- TASK ITEM: Within the records below, reproduce without change the lines from the line that has "#523 = EDGE_CURVE('',#79,#524,#526,.T.);" through the line that has "#558 = LINE('',#559,#560);", and only those.

- GIVEN ENTRIES:
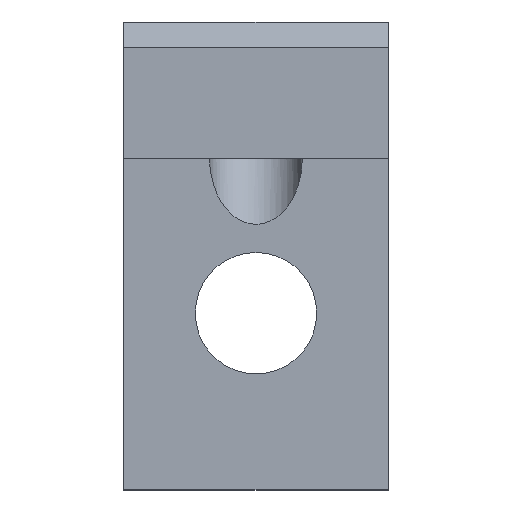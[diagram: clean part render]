
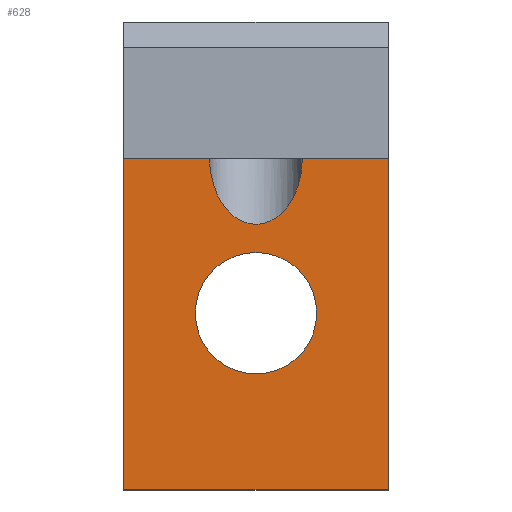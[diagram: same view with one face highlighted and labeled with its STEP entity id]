
A CAD part, top view. The second image highlights one B-rep face of the part: STEP entity #628.
In plain terms, the highlighted planar face has unit normal (0, 0, 1).
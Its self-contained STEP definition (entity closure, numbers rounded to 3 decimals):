
#79 = VERTEX_POINT('',#80);
#80 = CARTESIAN_POINT('',(-6.,0.,0.));
#176 = VERTEX_POINT('',#177);
#177 = CARTESIAN_POINT('',(6.,0.,0.));
#447 = VERTEX_POINT('',#448);
#448 = CARTESIAN_POINT('',(-2.1,0.,0.)
  );
#456 = EDGE_CURVE('',#457,#447,#459,.T.);
#457 = VERTEX_POINT('',#458);
#458 = CARTESIAN_POINT('',(2.1,0.,0.));
#459 = ELLIPSE('',#460,2.97,2.1);
#460 = AXIS2_PLACEMENT_3D('',#461,#462,#463);
#461 = CARTESIAN_POINT('',(0.,0.,
    0.));
#462 = DIRECTION('',(0.,0.,-1.));
#463 = DIRECTION('',(0.,-1.,0.));
#523 = EDGE_CURVE('',#79,#524,#526,.T.);
#524 = VERTEX_POINT('',#525);
#525 = CARTESIAN_POINT('',(-6.,-15.,0.));
#526 = LINE('',#527,#528);
#527 = CARTESIAN_POINT('',(-6.,0.,0.));
#528 = VECTOR('',#529,1.);
#529 = DIRECTION('',(0.,-1.,0.));
#550 = EDGE_CURVE('',#457,#176,#551,.T.);
#551 = LINE('',#552,#553);
#552 = CARTESIAN_POINT('',(-6.,0.,0.));
#553 = VECTOR('',#554,1.);
#554 = DIRECTION('',(1.,0.,0.));
#557 = EDGE_CURVE('',#79,#447,#558,.T.);
#558 = LINE('',#559,#560);
#559 = CARTESIAN_POINT('',(-6.,0.,0.));
#560 = VECTOR('',#561,1.);
#561 = DIRECTION('',(1.,0.,0.));
#608 = EDGE_CURVE('',#176,#609,#611,.T.);
#609 = VERTEX_POINT('',#610);
#610 = CARTESIAN_POINT('',(6.,-15.,0.));
#611 = LINE('',#612,#613);
#612 = CARTESIAN_POINT('',(6.,0.,0.));
#613 = VECTOR('',#614,1.);
#614 = DIRECTION('',(0.,-1.,0.));
#628 = ADVANCED_FACE('',(#629,#642),#653,.F.);
#629 = FACE_BOUND('',#630,.F.);
#630 = EDGE_LOOP('',(#631,#632,#633,#634,#635,#636));
#631 = ORIENTED_EDGE('',*,*,#523,.F.);
#632 = ORIENTED_EDGE('',*,*,#557,.T.);
#633 = ORIENTED_EDGE('',*,*,#456,.F.);
#634 = ORIENTED_EDGE('',*,*,#550,.T.);
#635 = ORIENTED_EDGE('',*,*,#608,.T.);
#636 = ORIENTED_EDGE('',*,*,#637,.F.);
#637 = EDGE_CURVE('',#524,#609,#638,.T.);
#638 = LINE('',#639,#640);
#639 = CARTESIAN_POINT('',(-6.,-15.,0.));
#640 = VECTOR('',#641,1.);
#641 = DIRECTION('',(1.,0.,0.));
#642 = FACE_BOUND('',#643,.F.);
#643 = EDGE_LOOP('',(#644));
#644 = ORIENTED_EDGE('',*,*,#645,.T.);
#645 = EDGE_CURVE('',#646,#646,#648,.T.);
#646 = VERTEX_POINT('',#647);
#647 = CARTESIAN_POINT('',(0.,-9.75,0.)
  );
#648 = CIRCLE('',#649,2.75);
#649 = AXIS2_PLACEMENT_3D('',#650,#651,#652);
#650 = CARTESIAN_POINT('',(0.,-7.,0.));
#651 = DIRECTION('',(0.,0.,1.));
#652 = DIRECTION('',(0.,-1.,0.));
#653 = PLANE('',#654);
#654 = AXIS2_PLACEMENT_3D('',#655,#656,#657);
#655 = CARTESIAN_POINT('',(-6.,0.,0.));
#656 = DIRECTION('',(0.,0.,-1.));
#657 = DIRECTION('',(0.,-1.,0.));

- SOLUTION TO THE PROBLEM:
#523 = EDGE_CURVE('',#79,#524,#526,.T.);
#524 = VERTEX_POINT('',#525);
#525 = CARTESIAN_POINT('',(-6.,-15.,0.));
#526 = LINE('',#527,#528);
#527 = CARTESIAN_POINT('',(-6.,0.,0.));
#528 = VECTOR('',#529,1.);
#529 = DIRECTION('',(0.,-1.,0.));
#550 = EDGE_CURVE('',#457,#176,#551,.T.);
#551 = LINE('',#552,#553);
#552 = CARTESIAN_POINT('',(-6.,0.,0.));
#553 = VECTOR('',#554,1.);
#554 = DIRECTION('',(1.,0.,0.));
#557 = EDGE_CURVE('',#79,#447,#558,.T.);
#558 = LINE('',#559,#560);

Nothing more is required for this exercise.